Performance Profile¶
runtime.GOMAXPROCS(0) gives you the parallelism cap. For CPU-bound work, throughput rises linearly until you hit GOMAXPROCS, then plateaus. For IO-bound work it rises until the downstream bottleneck.
A simple benchmark:
func BenchmarkProcessCPU(b *testing.B) {
ns := []int{1, 2, 4, 8, 16, 32}
for _, n := range ns {
b.Run(fmt.Sprintf("n=%d", n), func(b *testing.B) {
in := make(chan int)
go func() {
defer close(in)
for i := 0; i < b.N; i++ { in <- i }
}()
out := Process(context.Background(), in, n, cpuWork)
for range out {}
})
}
}
Plot ns vs ns/op. The optimal n is the smallest one at which the curve plateaus.
Tricky Cases¶
- n = 0. Producer blocks. Reject
n <= 0at function entry. - n > number of jobs. Some workers are idle. Harmless.

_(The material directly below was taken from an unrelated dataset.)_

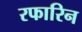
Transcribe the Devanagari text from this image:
रफारिन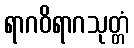
ရာဂဝိရာဂသုတ္တံ

- Worker panics on bad input. Use
defer recover()per worker, or treat the panic as a fatal error and let the program crash. - Consumer reads partial results. If only the first K results are needed, cancel ctx after K and drain.
Cheat Sheet¶
func Process[T, R any](
ctx context.Context,
in <-chan T,
n int,
work func(context.Context, T) R,
) <-chan R {
out := make(chan R)
var wg sync.WaitGroup
wg.Add(n)
for i := 0; i < n; i++ {
go func() {
defer wg.Done()
for {
select {
case <-ctx.Done(): return
case v, ok := <-in:
if !ok { return }
select {
case <-ctx.Done(): return
case out <- work(ctx, v):
}
}
}
}()
}
go func() { wg.Wait(); close(out) }()
return out
}
| Choice | Pick |
|---|---|
| Need errors? | errgroup |
| Need first-error abort? | errgroup + ctx |
| CPU-bound | n = NumCPU |
| IO-bound | n = K * NumCPU, profile |
Summary¶
Middle-level fan-out adds ctx-driven cancellation, errgroup-driven error semantics, and pool-sizing discipline. The two-select sandwich is the cancellation idiom every worker uses. With these in hand you can build production fan-out, fan-in pipelines that shut down cleanly under all conditions and never leak goroutines.